Руки, гораздо более смелые, чем я могла себе представить, начали двигаться сами по себе. Одной рукой я с осторожностью задела его щёку, провела костяшками пальцев по линии челюсти, проверяя её грубость, небритость, густые, крючковатые ресницы, форму носа и, наконец, губы, искривлённые в суровом хмуром выражении. Мои пальцы исследовали каждую деталь, сосредоточившись на его лице, на мелочах, которые я никогда не имела возможности наблюдать так близко.
— Что ты делаешь?
— Ничего, — успокоила я его, поднеся указательный палец ко рту. — Просто смотрю на тебя.
Кончики пальцев двигались осторожно, почти боязливо, но намерения отказываться от этого исследования не было. Я коснулась едва приоткрытых век и прижалась губами к его губам.
Запах Шейна сбил меня с ног. Он имел вкус табака, одеколона и мужчины; смесь настолько насыщенная, что у меня закружилась голова. Сначала это была простая ласка, не более чем трепет крыльев, быстрый и бесстрастный, но затем она превратилась в нечто иное. Его рот погружался в мой снова и снова, то яростный, то нежный, то нуждающийся, то почти голодный.
Чувствовала, как роятся бабочки, сердце колотилось, а дыхание срывалось, настолько я была потеряна в этом поцелуе. Было не так, как в предыдущие разы, не было страсти, продиктованной ненавистью, или ярости, вызванной желанием, этот поцелуй был… чем-то другим.

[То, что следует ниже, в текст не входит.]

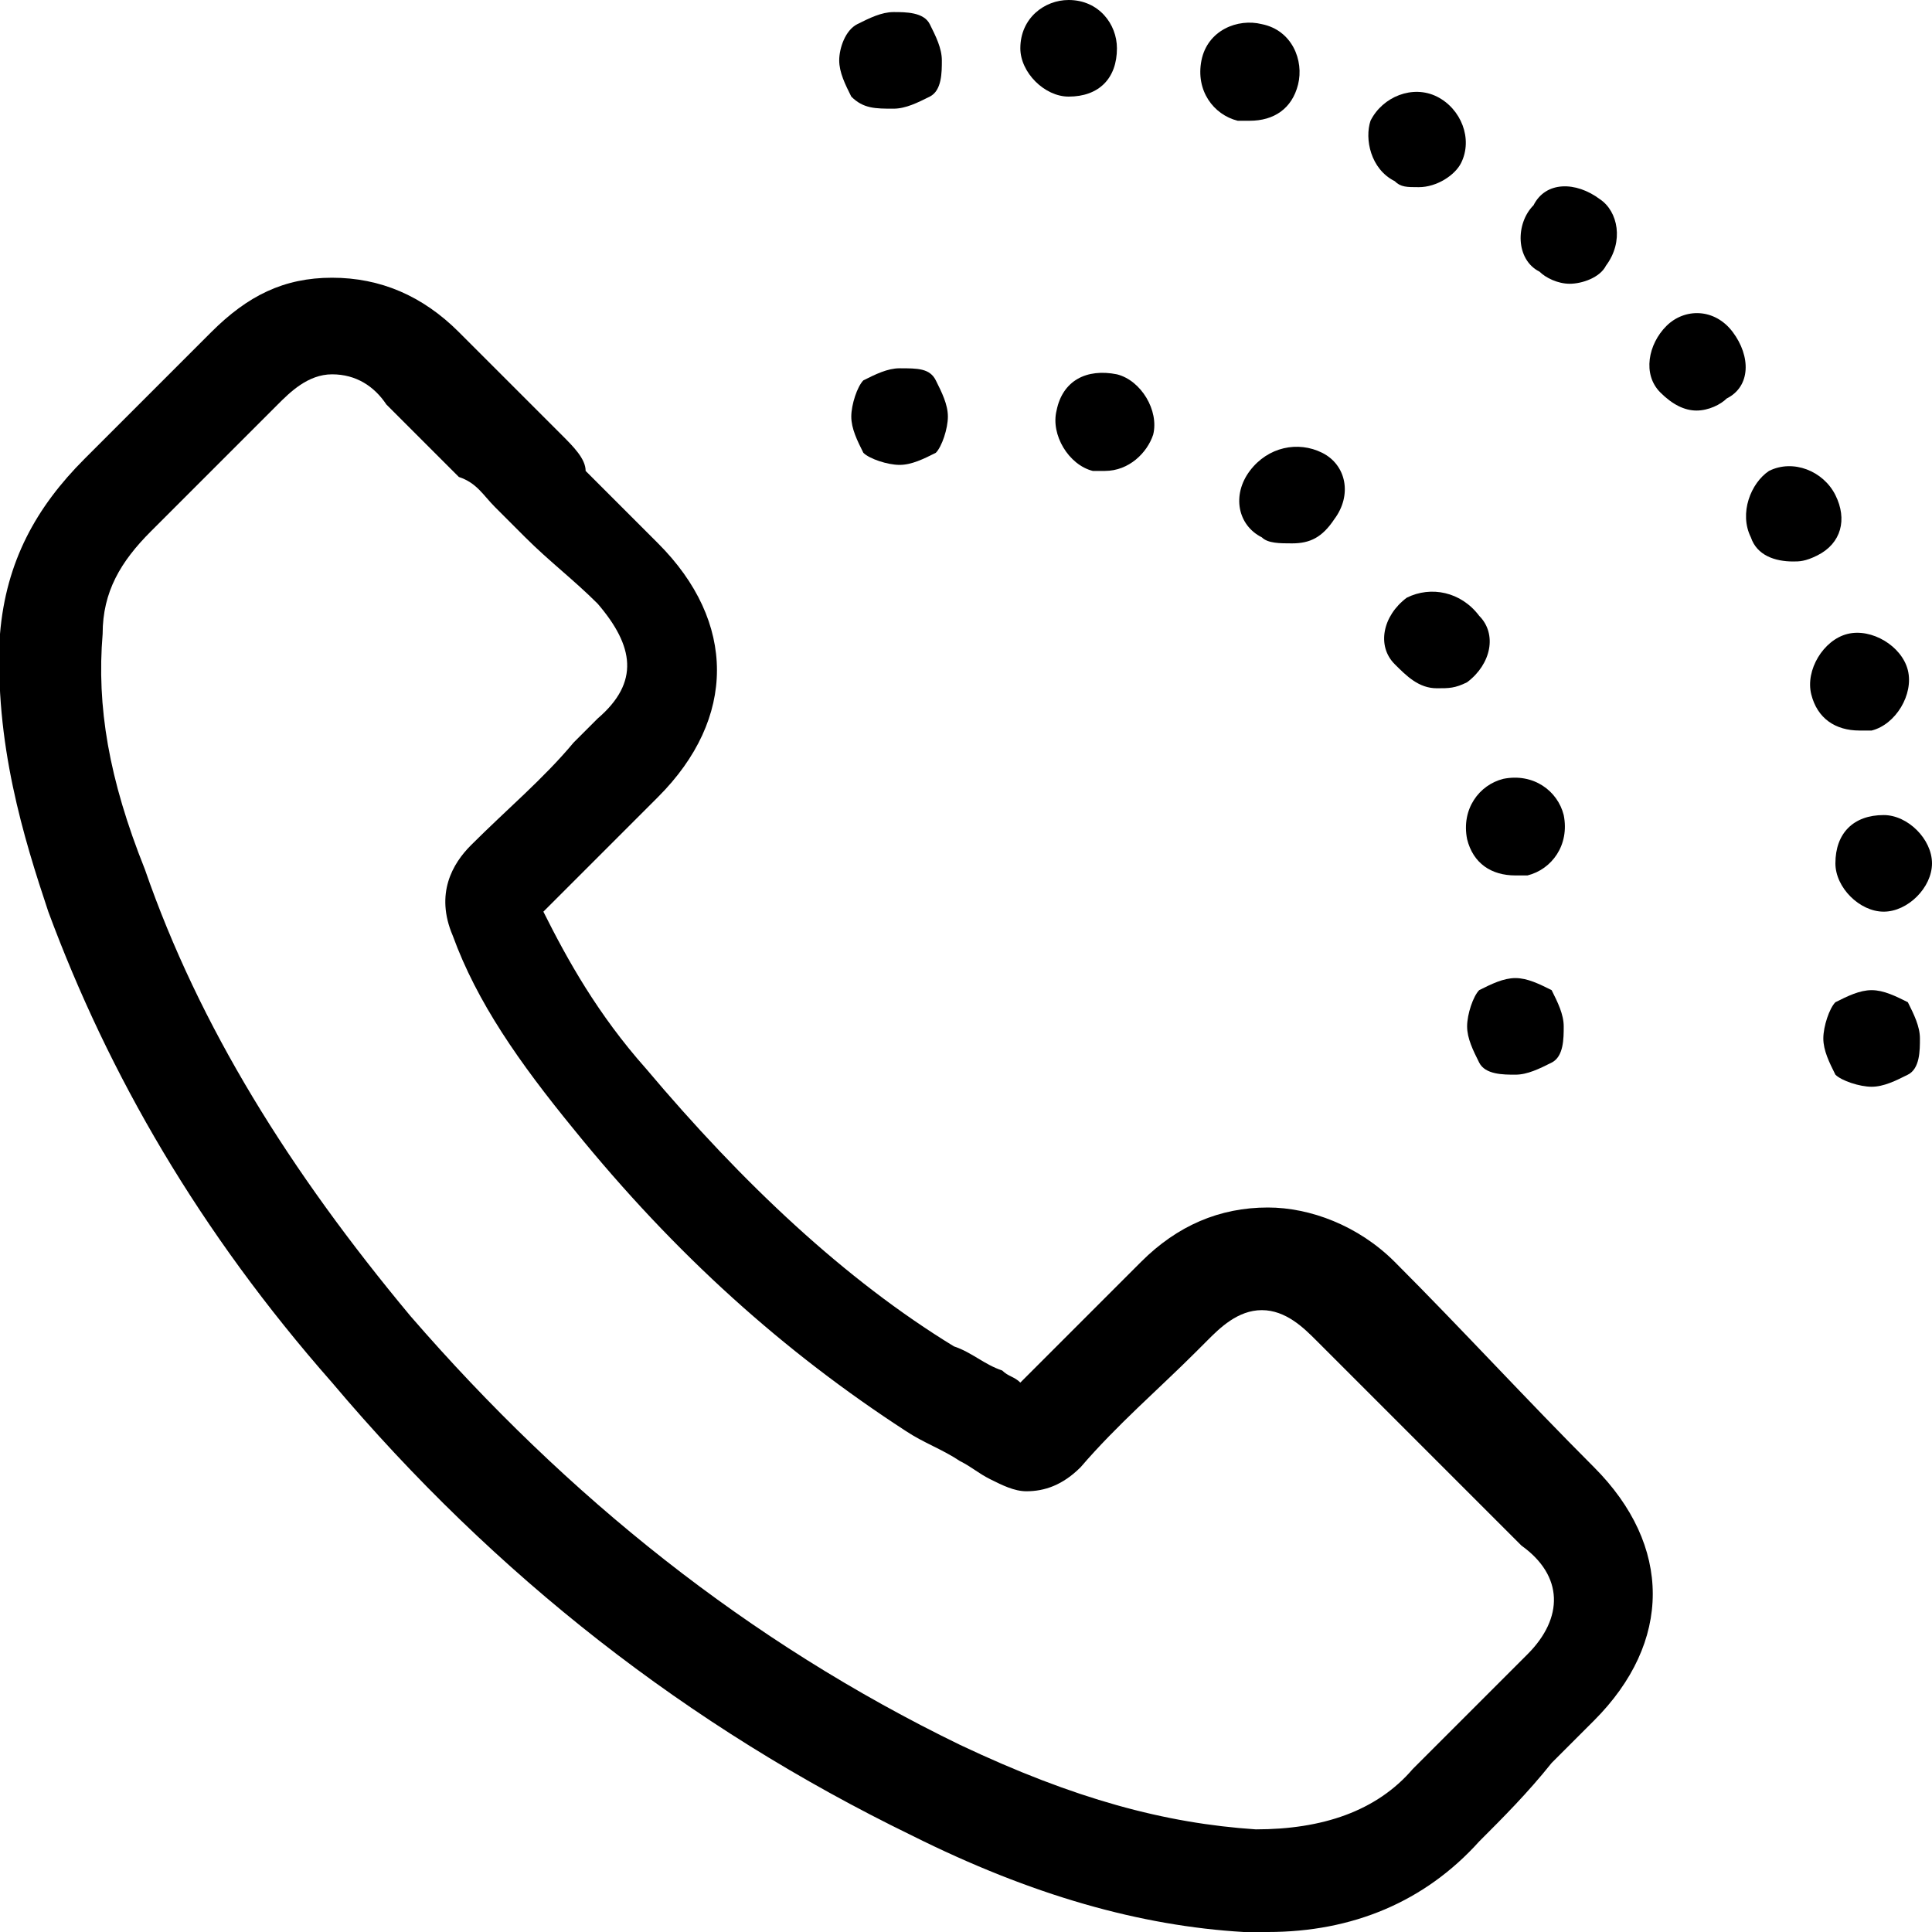 <?xml version="1.0" encoding="UTF-8"?> <svg xmlns="http://www.w3.org/2000/svg" xmlns:xlink="http://www.w3.org/1999/xlink" version="1.1" id="Capa_1" x="0px" y="0px" viewBox="0 0 32 32" style="enable-background:new 0 0 32 32;" xml:space="preserve"> <g> <g> <path d="M25.1,16.2c-0.2,0-0.4,0.1-0.6,0.2c-0.1,0.1-0.2,0.4-0.2,0.6s0.1,0.4,0.2,0.6s0.4,0.2,0.6,0.2s0.4-0.1,0.6-0.2 s0.2-0.4,0.2-0.6c0-0.2-0.1-0.4-0.2-0.6C25.5,16.3,25.3,16.2,25.1,16.2z"></path> <path d="M17.5,6.8c-0.1,0.4,0.2,0.9,0.6,1c0.1,0,0.1,0,0.2,0c0.4,0,0.7-0.3,0.8-0.6c0.1-0.4-0.2-0.9-0.6-1 C18,6.1,17.6,6.3,17.5,6.8z"></path> <path d="M23.3,9.9c-0.4,0.3-0.5,0.8-0.2,1.1c0.2,0.2,0.4,0.4,0.7,0.4c0.2,0,0.3,0,0.5-0.1c0.4-0.3,0.5-0.8,0.2-1.1 C24.2,9.8,23.7,9.7,23.3,9.9z"></path> <path d="M20.7,7.8c-0.3,0.4-0.2,0.9,0.2,1.1c0.1,0.1,0.3,0.1,0.5,0.1c0.3,0,0.5-0.1,0.7-0.4c0.3-0.4,0.2-0.9-0.2-1.1 C21.5,7.3,21,7.4,20.7,7.8z"></path> <path d="M24.3,13.9c0.1,0.4,0.4,0.6,0.8,0.6c0.1,0,0.1,0,0.2,0c0.4-0.1,0.7-0.5,0.6-1c-0.1-0.4-0.5-0.7-1-0.6 C24.5,13,24.2,13.4,24.3,13.9z"></path> <path d="M14.9,6.1c-0.2,0-0.4,0.1-0.6,0.2c-0.1,0.1-0.2,0.4-0.2,0.6s0.1,0.4,0.2,0.6c0.1,0.1,0.4,0.2,0.6,0.2 c0.2,0,0.4-0.1,0.6-0.2c0.1-0.1,0.2-0.4,0.2-0.6s-0.1-0.4-0.2-0.6S15.2,6.1,14.9,6.1z"></path> <path d="M31,16.4c-0.2,0-0.4,0.1-0.6,0.2c-0.1,0.1-0.2,0.4-0.2,0.6s0.1,0.4,0.2,0.6c0.1,0.1,0.4,0.2,0.6,0.2s0.4-0.1,0.6-0.2 s0.2-0.4,0.2-0.6c0-0.2-0.1-0.4-0.2-0.6C31.4,16.5,31.2,16.4,31,16.4z"></path> <path d="M30.4,8.2c-0.2-0.4-0.7-0.6-1.1-0.4C29,8,28.8,8.5,29,8.9c0.1,0.3,0.4,0.4,0.7,0.4c0.1,0,0.2,0,0.4-0.1 C30.5,9,30.6,8.6,30.4,8.2z"></path> <path d="M23.1,3c0.1,0.1,0.2,0.1,0.4,0.1c0.3,0,0.6-0.2,0.7-0.4c0.2-0.4,0-0.9-0.4-1.1l0,0c-0.4-0.2-0.9,0-1.1,0.4 C22.6,2.3,22.7,2.8,23.1,3z"></path> <path d="M17.7,1.6C17.7,1.6,17.7,1.6,17.7,1.6c0.5,0,0.8-0.3,0.8-0.8c0-0.4-0.3-0.8-0.8-0.8c-0.4,0-0.8,0.3-0.8,0.8 C16.9,1.2,17.3,1.6,17.7,1.6z"></path> <path d="M20.5,2c0.1,0,0.1,0,0.2,0c0.4,0,0.7-0.2,0.8-0.6c0.1-0.4-0.1-0.9-0.6-1c-0.4-0.1-0.9,0.1-1,0.6C19.8,1.5,20.1,1.9,20.5,2 z"></path> <path d="M28.7,5.5c-0.3-0.4-0.8-0.4-1.1-0.1c-0.3,0.3-0.4,0.8-0.1,1.1c0.2,0.2,0.4,0.3,0.6,0.3c0.2,0,0.4-0.1,0.5-0.2 C29,6.4,29,5.9,28.7,5.5z"></path> <path d="M30.4,14.3c0,0.4,0.4,0.8,0.8,0.8c0,0,0,0,0,0c0.4,0,0.8-0.4,0.8-0.8c0-0.4-0.4-0.8-0.8-0.8 C30.7,13.5,30.4,13.8,30.4,14.3z"></path> <path d="M30.8,12.1c0.1,0,0.1,0,0.2,0c0.4-0.1,0.7-0.6,0.6-1l0,0c-0.1-0.4-0.6-0.7-1-0.6c-0.4,0.1-0.7,0.6-0.6,1l0,0 C30.1,11.9,30.4,12.1,30.8,12.1z"></path> <path d="M25.5,4.5c0.1,0.1,0.3,0.2,0.5,0.2c0.2,0,0.5-0.1,0.6-0.3c0.3-0.4,0.2-0.9-0.1-1.1C26.1,3,25.6,3,25.4,3.4 C25.1,3.7,25.1,4.3,25.5,4.5z"></path> <path d="M14.8,1.8c0.2,0,0.4-0.1,0.6-0.2s0.2-0.4,0.2-0.6s-0.1-0.4-0.2-0.6S15,0.2,14.8,0.2c-0.2,0-0.4,0.1-0.6,0.2 S13.9,0.8,13.9,1s0.1,0.4,0.2,0.6C14.3,1.8,14.5,1.8,14.8,1.8z"></path> <path d="M23.1,20.9C22.5,20.3,21.7,20,21,20c-0.8,0-1.5,0.3-2.1,0.9l-0.2,0.2c-0.6,0.6-1.2,1.2-1.8,1.8c-0.1-0.1-0.2-0.1-0.3-0.2 c-0.3-0.1-0.5-0.3-0.8-0.4c-1.8-1.1-3.5-2.7-5.1-4.6c-0.8-0.9-1.3-1.8-1.7-2.6c0.5-0.5,1-1,1.5-1.5l0.4-0.4c1.3-1.3,1.3-2.9,0-4.2 c-0.4-0.4-0.8-0.8-1.2-1.2C9.7,7.6,9.5,7.4,9.3,7.2C9.2,7.1,9,6.9,8.8,6.7C8.4,6.3,8,5.9,7.6,5.5C7,4.9,6.3,4.6,5.5,4.6 S4.1,4.9,3.5,5.5C3.2,5.8,2.9,6.1,2.6,6.4C2.2,6.8,1.8,7.2,1.4,7.6C0.6,8.4,0.1,9.3,0,10.5c-0.1,1.8,0.4,3.4,0.8,4.6 c1,2.7,2.5,5.3,4.7,7.8c2.7,3.2,5.9,5.7,9.6,7.5c2,1,3.8,1.5,5.5,1.6c0.1,0,0.3,0,0.4,0c1.4,0,2.6-0.5,3.5-1.5 c0.4-0.4,0.8-0.8,1.2-1.3c0.2-0.2,0.4-0.4,0.7-0.7c1.3-1.3,1.3-2.9,0-4.2C25.3,23.2,24.2,22,23.1,20.9z M25.3,27.4 c-0.2,0.2-0.4,0.4-0.6,0.6c-0.4,0.4-0.9,0.9-1.3,1.3c-0.6,0.7-1.5,1-2.6,1c-1.5-0.1-3-0.5-4.9-1.4c-3.5-1.7-6.5-4.1-9.1-7.1 c-2-2.4-3.5-4.8-4.4-7.4c-0.6-1.5-0.8-2.7-0.7-3.9C1.7,9.8,2,9.3,2.5,8.8c0.4-0.4,0.9-0.9,1.3-1.3c0.3-0.3,0.6-0.6,0.8-0.8 c0.2-0.2,0.5-0.5,0.9-0.5c0.4,0,0.7,0.2,0.9,0.5c0.4,0.4,0.8,0.8,1.2,1.2C7.9,8,8,8.2,8.2,8.4c0.2,0.2,0.3,0.3,0.5,0.5 C9.1,9.3,9.5,9.6,9.9,10c0.6,0.7,0.7,1.3,0,1.9l-0.4,0.4c-0.5,0.6-1.1,1.1-1.7,1.7c-0.3,0.3-0.6,0.8-0.3,1.5 c0.4,1.1,1.1,2.1,2,3.2c1.7,2.1,3.5,3.7,5.5,5c0.3,0.2,0.6,0.3,0.9,0.5c0.2,0.1,0.3,0.2,0.5,0.3c0.2,0.1,0.4,0.2,0.6,0.2l0,0 c0.3,0,0.6-0.1,0.9-0.4c0.6-0.7,1.3-1.3,1.9-1.9l0.2-0.2c0.2-0.2,0.5-0.5,0.9-0.5s0.7,0.3,0.9,0.5c1.1,1.1,2.2,2.2,3.4,3.4 C25.9,26.1,25.9,26.8,25.3,27.4z"></path> </g> </g> </svg>

Это было начало, возможность, отдалённый проблеск света для двух душ, которые научились жить в тени своих демонов и страхов.
— Что я делаю?! — испуганно спросил он про себя. Шейн отшатнулся, а его челюсти сжались до дрожи. Он покачал головой, скорее испуганный, чем недоверчивый, скорее огорчённый, чем удивлённый, и на его лицо опустилась маска непостижимой решимости. Мужчина начал оживлённо двигаться, его руки сжались в кулаки, ноги застыли как брёвна, а взгляд устремился вперёд.
Он остановился перед окном.
Его тёмная фигура была барьером против остального мира, даже свет, казалось, боялся проникать внутрь. Лучи почти не просачивались, просто гладили контуры: широкие плечи, опухшие от усталости руки и чётко очерченную талию.
— Эй… — прошептала я, подходя ближе. Шейн не ответил. Он стоял перед окном, и я не знала, что мужчина мог видеть: то ли то, что действительно было по ту сторону, то ли просто то, что вертелось в его мыслях. — Что случилось?
Он покачал головой, его грудь набухла, как тучи, наполненные дождём и градом.
— Не спрашивай меня. Не спрашивай меня ни о чём.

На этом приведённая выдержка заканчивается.